This is Proof of Concept for creating a Data Pipeline with Delta Lake using Medallion architecture.
Create a dashboard to Analyze Orders History for an online clothing store that sells a wide range of fashion brands. The dashboard will be used to inform purchasing behavior and ensure that the company has enough inventory to meet demand for upcoming holiday season.
Medium
- Databricks Data Platform (Community Edition)
- PySpark
- SparkSQL
Orders and Inventory data for Online clothing store
********************************* Bronze Layer ***********************************
- Upload JSON files for Orders data to DBFS: ORDERS_RAW_PART_001.json, ORDERS_RAW_PART_002.json, ORDERS_RAW_PART_003.json, ORDERS_RAW_PART_004.json
- Load the JSON files into a dataframe (orders_raw_df)
- Create delta tabe (orders_raw) from the dataframe (orders_raw_df)
- Upload JSON files for Inventory data to DBFS: INVENTORY.json
- Load the JSON file into a dataframe (inventory_df)
- Create delta tabe (inventory) from the dataframe (inventory_df)
********************************* Silver Layer ***********************************
- Read delta table (orders_raw) into a new dataframe (orders_silver_df)
- Update data type of column order_date in dataframe, orders_silver_df.
- Drop rows with null values in the dataframe.
- Add a calculated column, total_order (total_order = quantity * unit_price)
- Create a new delta table (orders_silver)
********************************* Gold Layer *************************************
- Compute below KPIs and create new delta tables for each of the KPIs.
- Quantity sold by Country
- Sales by Category
- Top 5 Popular Brands
********************************* BI *********************************************
- Create visuals for each of the delta tables.
- Create a dashboard out of the above visuals.
********************************* Bronze Layer ***********************************
- Update data in orders_raw table using merge. Upload JSON file to DBFS: UPDATE_ORDERS_RAW.json
- Load the JSON file into a dataframe (update_orders_df)
- Create a seperate dataframe (delta_orders_raw) out of orders_raw table.
- Merge two tables: orders_raw (alias to delta_orders_raw) and UpdateOrders (alias to update_orders_df)
********************************* Gold Layer *************************************
- Compute below KPI and create new delta table for it.
- Low Stock or Out of Stock items
- Group all orders from orders_silver table based on brand, color, product_name and size and add qty_sold (sum(quantity)).

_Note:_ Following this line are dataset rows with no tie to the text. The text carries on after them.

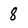
Character: 8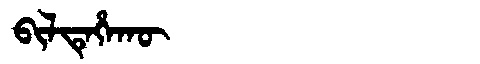
Manchu: ᠪᡳᠯᡨᡝᡥᠠᡴᡡ
Romanization: BILTEHAKŪ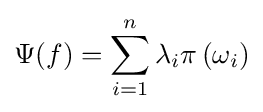
\Psi (f)=\sum _{i=1}^{n}\lambda _{i}\pi \left(\omega _{i}\right)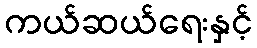
ကယ်ဆယ်ရေးနှင့်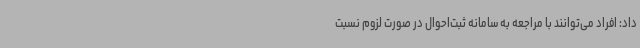
داد: افراد می‌توانند با مراجعه به سامانه ثبت‌احوال در صورت لزوم نسبت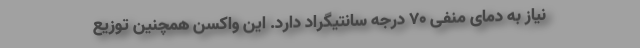
نیاز به دمای منفی ۷۰ درجه سانتیگراد دارد. این واکسن همچنین توزیع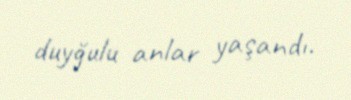
duyğulu anlar yaşandı.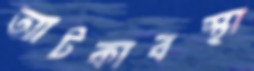
আটকাবস্থা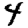
Digit: 4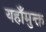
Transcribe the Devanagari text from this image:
यहाँमुक्त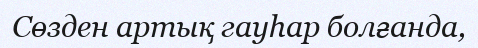
Сөзден артық гауһар болғанда,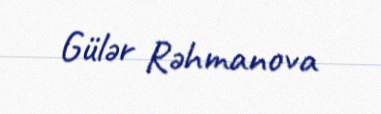
Gülər Rəhmanova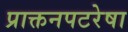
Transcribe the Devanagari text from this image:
प्राक्तनपटरेषा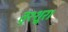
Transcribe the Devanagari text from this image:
तृश्शूर।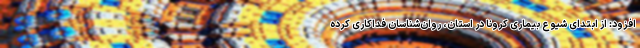
افزود: از ابتدای شیوع بیماری کرونا در استان، روان‌شناسان فداکاری کرده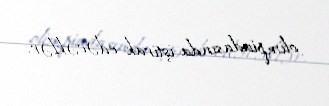
olimpiadasında iştirak edəcəklər.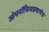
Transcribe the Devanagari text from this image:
ओपनॉफिसप्रमाणेच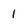
Character: 1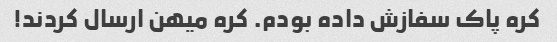
کره پاک سفازش داده بودم. کره میهن ارسال کردند!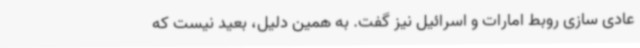
عادی سازی روبط امارات و اسرائیل نیز گفت. به همین دلیل، بعید نیست که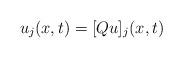
LaTeX: \begin{align*}\begin{array}{rr}u_j(x,t)=[Qu]_j(x,t)\end{array}\end{align*}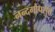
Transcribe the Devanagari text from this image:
नन्दगोपसुते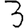
Digit: 3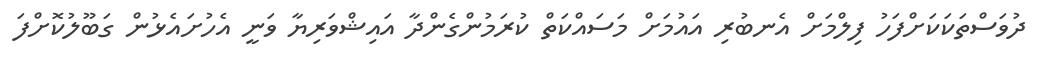
ދުވަސްތަކަކަށްފަހު ފިލްމަށް އެނބުރި އައުމަށް މަސައްކަތް ކުރަމުންގެންދާ އައިޝްވަރިޔާ ވަނީ އެހުށައެޅުން ގަބޫލުކޮށްފަ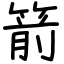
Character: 箭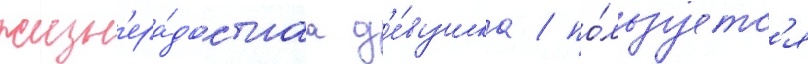
жизн'ера́достнаа д'е́вушка / по́льзуетс'я
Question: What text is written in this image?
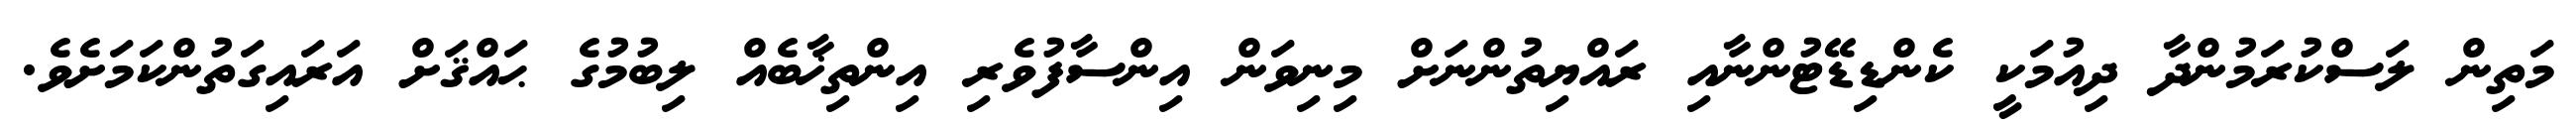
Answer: މަތިން ލަސްކުރަމުންދާ ދިއުމަކީ ކެންޑިޑޭޓުންނާއި ރައްޔިތުންނަށް މިނިވަން އިންސާފުވެރި އިންތިޚާބެއް ލިބުމުގެ ޙައްޤަށް އަރައިގަތުންކަމަށެވެ.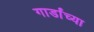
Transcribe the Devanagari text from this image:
गार्डांच्या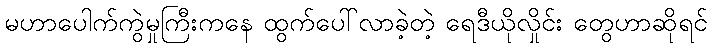
မဟာပေါက်ကွဲမှုကြီးကနေ ထွက်ပေါ်လာခဲ့တဲ့ ရေဒီယိုလှိုင်း တွေဟာဆိုရင်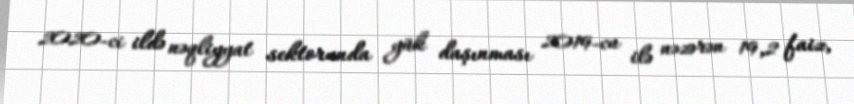
2020-ci ildə nəqliyyat sektorunda yük daşınması 2019-cu ilə nəzərən 19,2 faiz,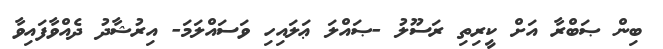
ބިން ޞަބްރާ އަށް ކީރިތި ރަސޫލު -ޞައްލަ ޢަލައިހި ވަސައްލަމަ- އިރުޝާދު ދެއްވާފައިވާ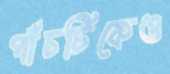
পাঁচটিকেও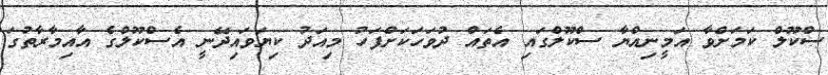
ސްކޫލް ކަމަށްވާ އަމީނިއްޔާ ސްކޫލްގައި އެތައް ދުވަހަކަށްފަހު މިއަދު ކިޔަވައިދޭނީ އެސްކޫލްގެ އާއިމާރާތުގަ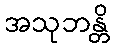
အသုဘန္တိ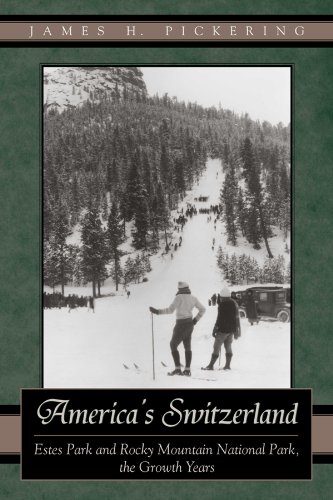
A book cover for America's Switzerland: Estes Park and Rocky Mountain National Park, the Growth Years; James H. Pickering; Travel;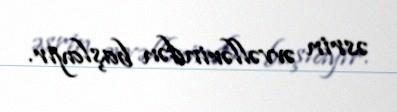
əsrin əvvəllərindən başlayır.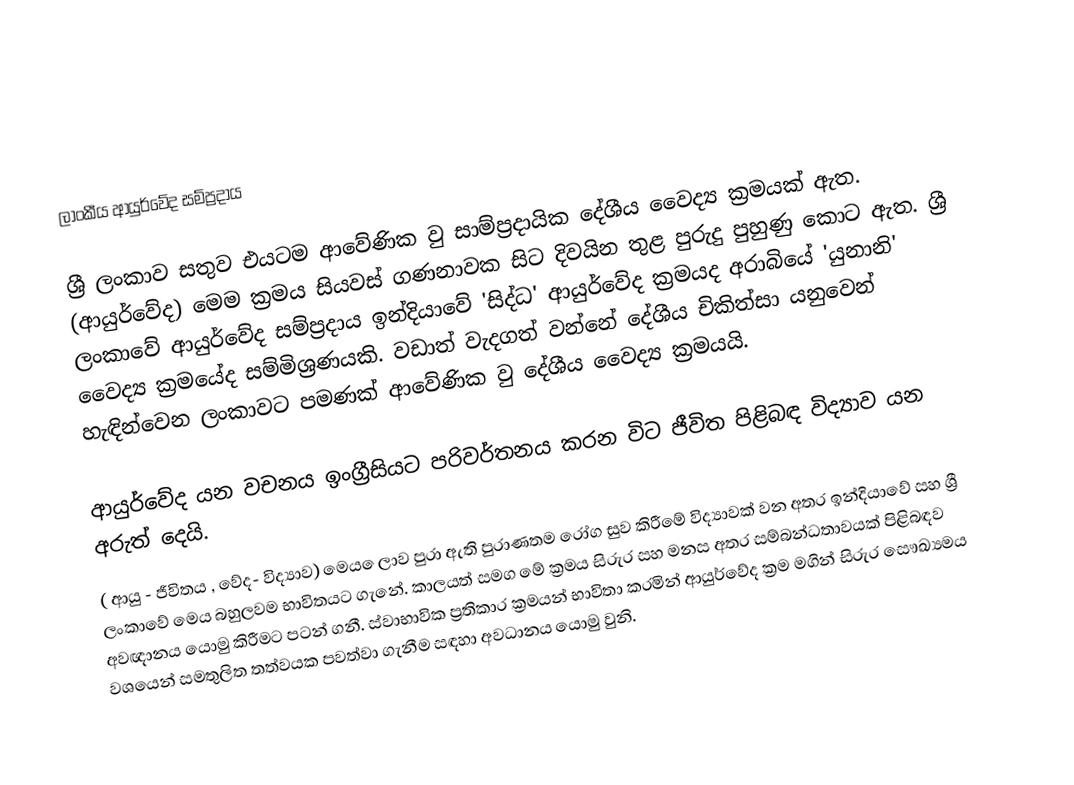

ලාංකීය ආයුර්වේද සම්ප්‍රදාය

ශ්‍රී ලංකාව සතුව එයටම ආවේණික වු සාම්ප්‍රදායික දේශීය වෛද්‍ය ක්‍රමයක් ඇත. (ආයුර්වේද) මෙම ක්‍රමය සියවස් ගණනාවක සිට දිවයින තුළ පුරුදු පුහුණු කොට ඇත.  ශ්‍රී ලංකාවේ ආයුර්වේද සම්ප්‍රදාය ඉන්දියාවේ 'සිද්ධ' ආයුර්වේද ක්‍රමයද අරාබියේ 'යුනානි' වෛද්‍ය ක්‍රමයේද සම්මිශ්‍රණයකි. වඩාත් වැදගත් වන්නේ දේශීය චිකිත්සා යනුවෙන් හැඳින්වෙන ලංකා‍වට පමණක් ‍ආවේණික වු දේශීය වෛද්‍ය ක්‍රමයයි.

ආයුර්වේද යන වචනය ඉංග්‍රීසියට පරිවර්තනය කරන විට ජීවිත පිළිබඳ විද්‍යාව යන අරුත් දෙයි.
( ආයු - ජීවිතය , වේද- විද්‍යාව) මෙය ‍ෙලාව පුරා ඇති පුරාණතම රෝග සුව කිරීමේ විද්‍යාවක් වන අතර ඉන්දියාවේ සහ ශ්‍රී ලංකාවේ මෙය බහුලවම භාවිතයට ගැනේ. කාලයත් සමග මේ ක්‍රමය සිරුර සහ මනස අතර සම්බන්ධතාවයක් පිළිබඳව අවඥානය යොමු කිරීමට පටන් ගනී. ස්වාභාවික ප්‍රතිකාර ක්‍රමයන් භාවිතා කරමින් ආයුර්වේද ක්‍රම මගින් සිරුර සෞඛ්‍යමය වශයෙන් සමතුලිත තත්වයක පවත්වා ගැනීම සඳහා අවධානය යොමු වුනි.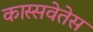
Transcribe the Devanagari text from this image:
कास्सवेतेस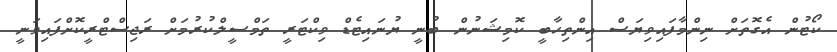
ކޯޓުން އެގޮތަށް ނިންމާފައިވިޔަސް އިންތިހާބީ ކޮމިޝަނުން ބުނީ ޔުނައިޓެޑް ވިކްޓަރީ ތަމްސީލްކުރުމަށް ރަޖިސްޓްރީކޮށްފައިވަނީ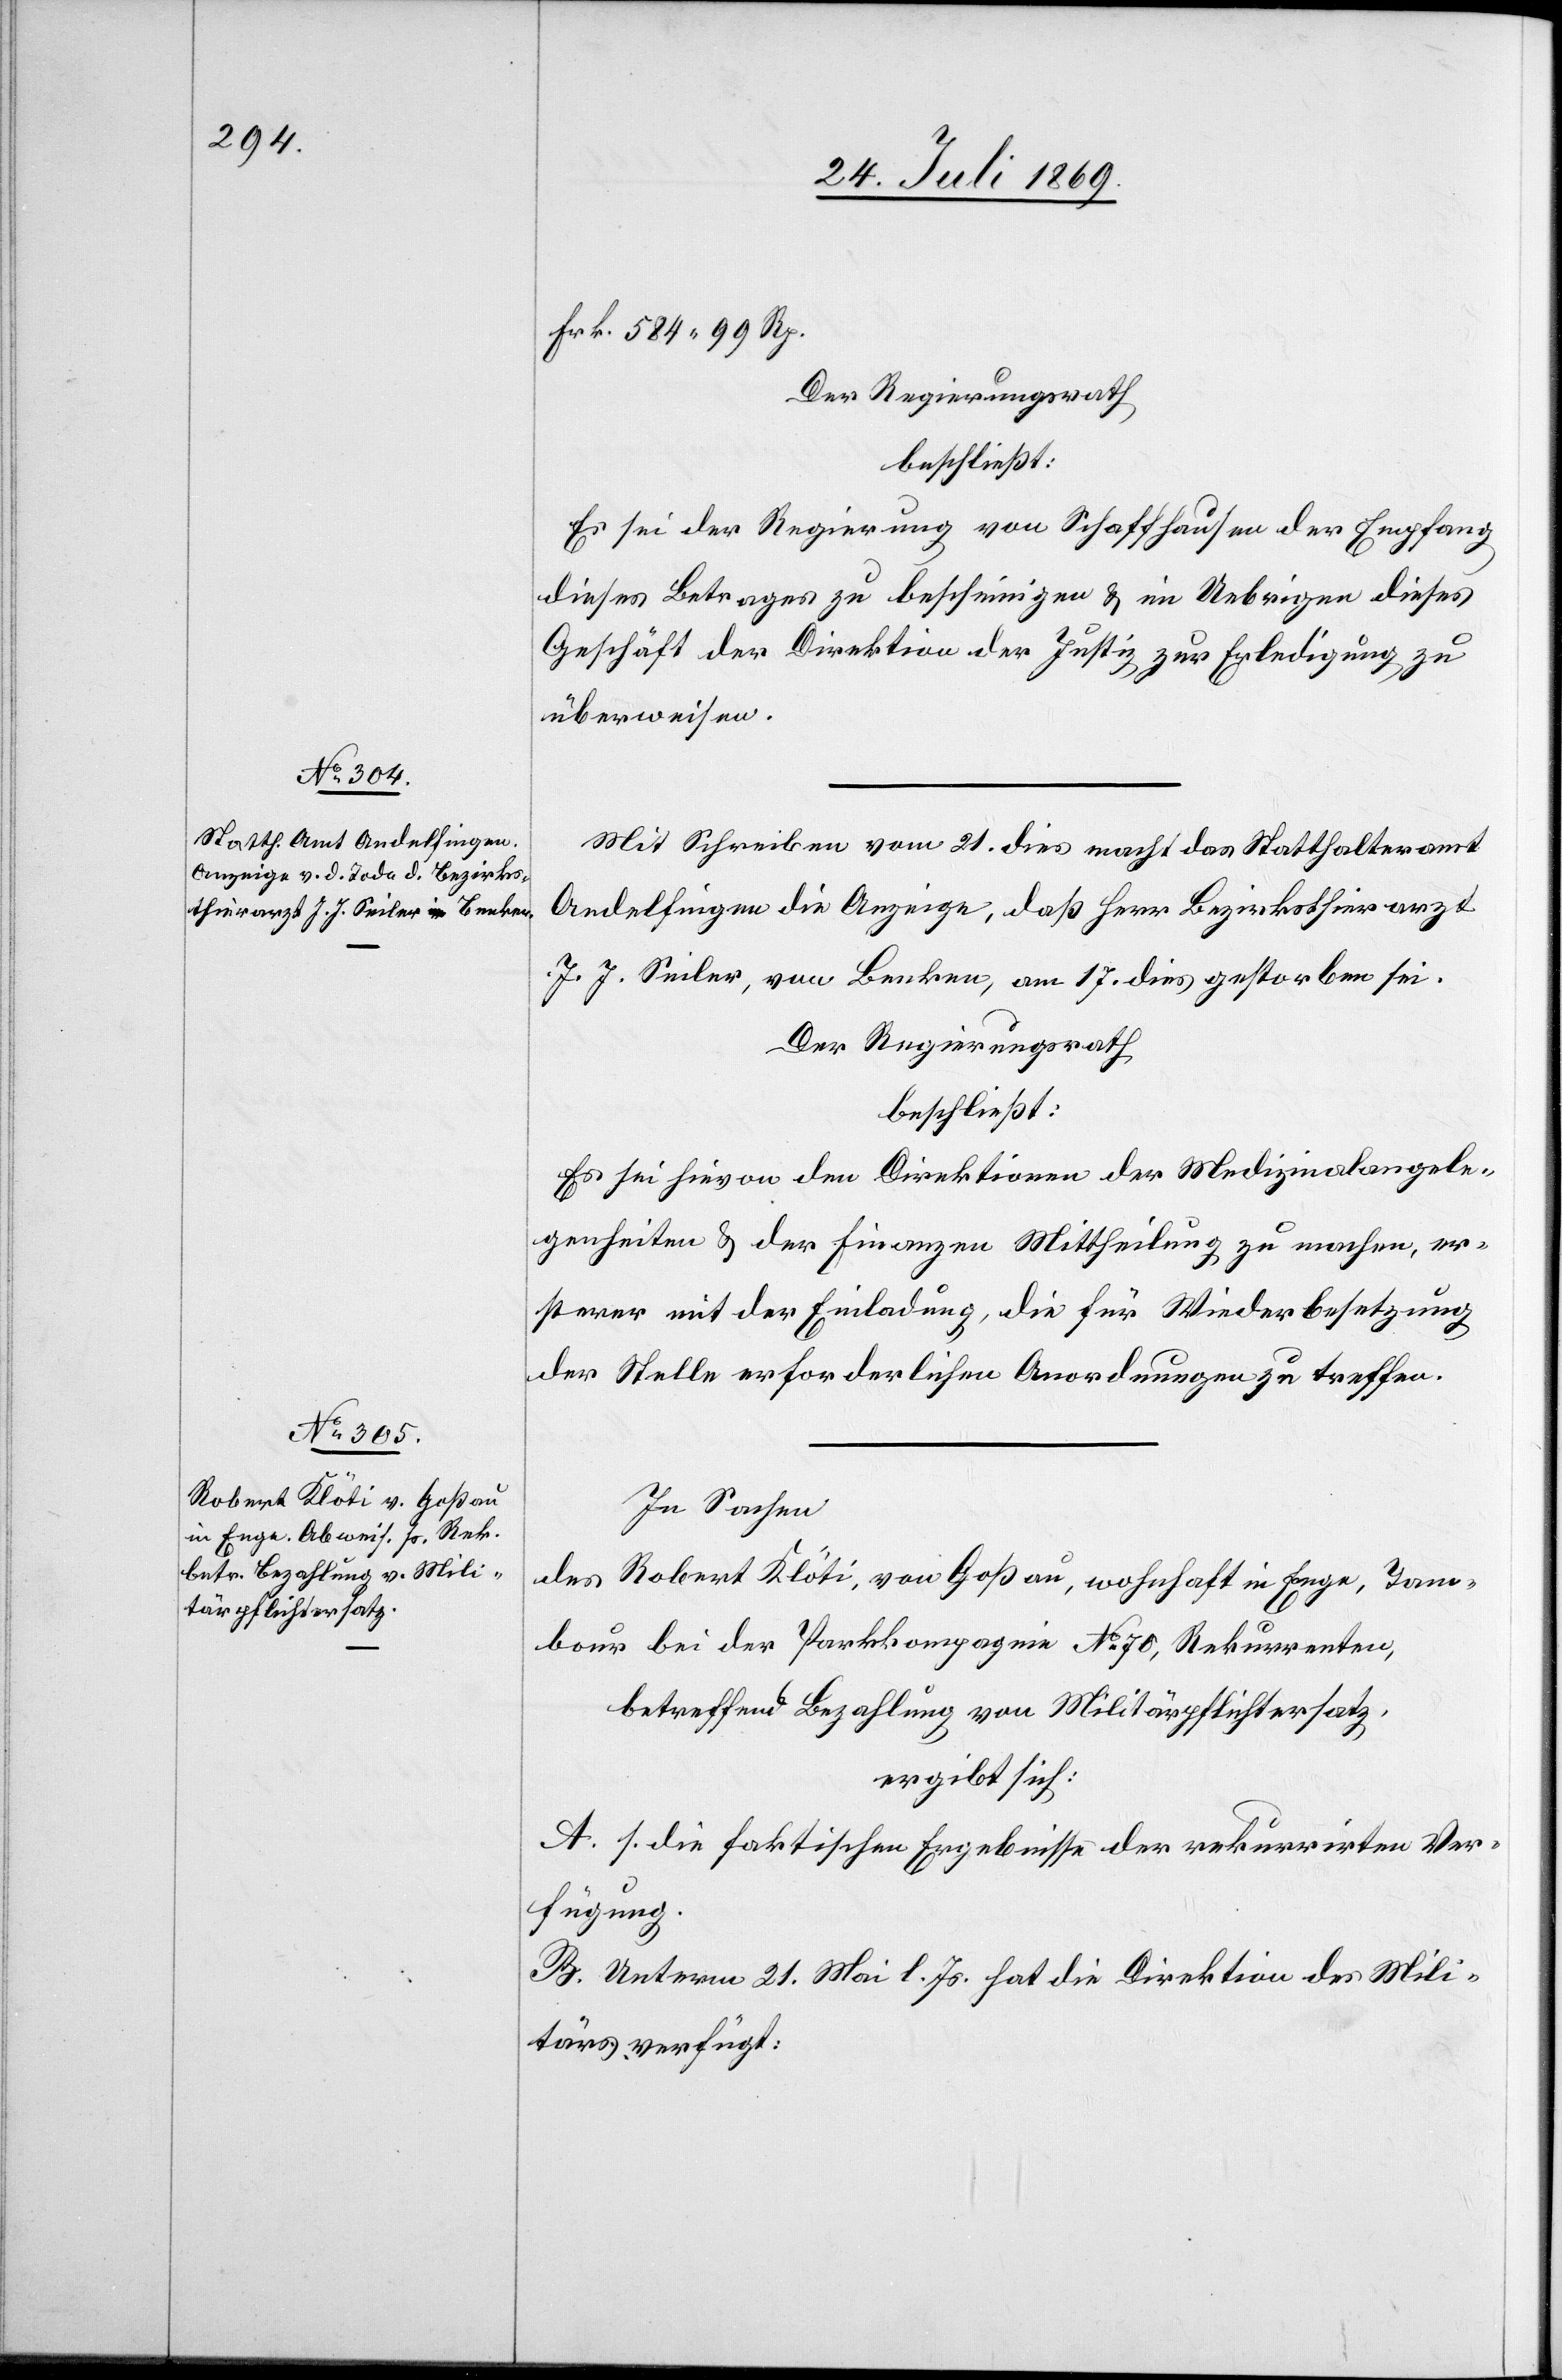
Frk. 584.99 Rp.
Der Regierungsrath
beschließt:
Es sei der Regierung von Schaffhausen der Empfang
dieses Betrages zu bescheinigen u. im Uebrigen dieses
Geschäft der Direktion der Justiz zur Erledigung zu
überweisen.
Mit Schreiben vom 21 dies macht das Statthalteramt
Andelfingen die Anzeige, daß Herr Bezirksthierarzt
J. J. Seiler, von Benken, am 17 dies gestorben sei.
Der Regierungsrath
beschließt:
Es sei hievon den Direktionen der Medizinalangele¬
genheiten u. der Finanzen Mittheilung zu machen, er¬
sterer mit der Einladung, die für Wiederbesetzung
der Stelle erforderlichen Anordnungen zu treffen.
In Sachen
des Robert Klöti, von Goßau, wohnhaft in Enge, Tann¬
baur bei der Parkkompagnie N° 70, Rekurrenten,
betreffend Bezahlung von Militärpflichtersatz,
ergibt sich:
A. s. die faktischen Ergebnisse der rekurrirten Ver¬
fügung.
B. Unterm 21 Mai l. Js. hat die Direktion des Mili¬
tärs verfügt:

- Join the result with inventory table using inner join on brand, prodyct_name, color and size.
- Add calculated column qty_left_stock as (stock - qty_sold)
- Filter out cancelled orders
- Keep only items with qty_left_stock < 20
- Sort the result by qty_left_stock in ascending order.
********************************* BI *********************************************
- Create visual for the above delta table.
- Add the visual to dashboard.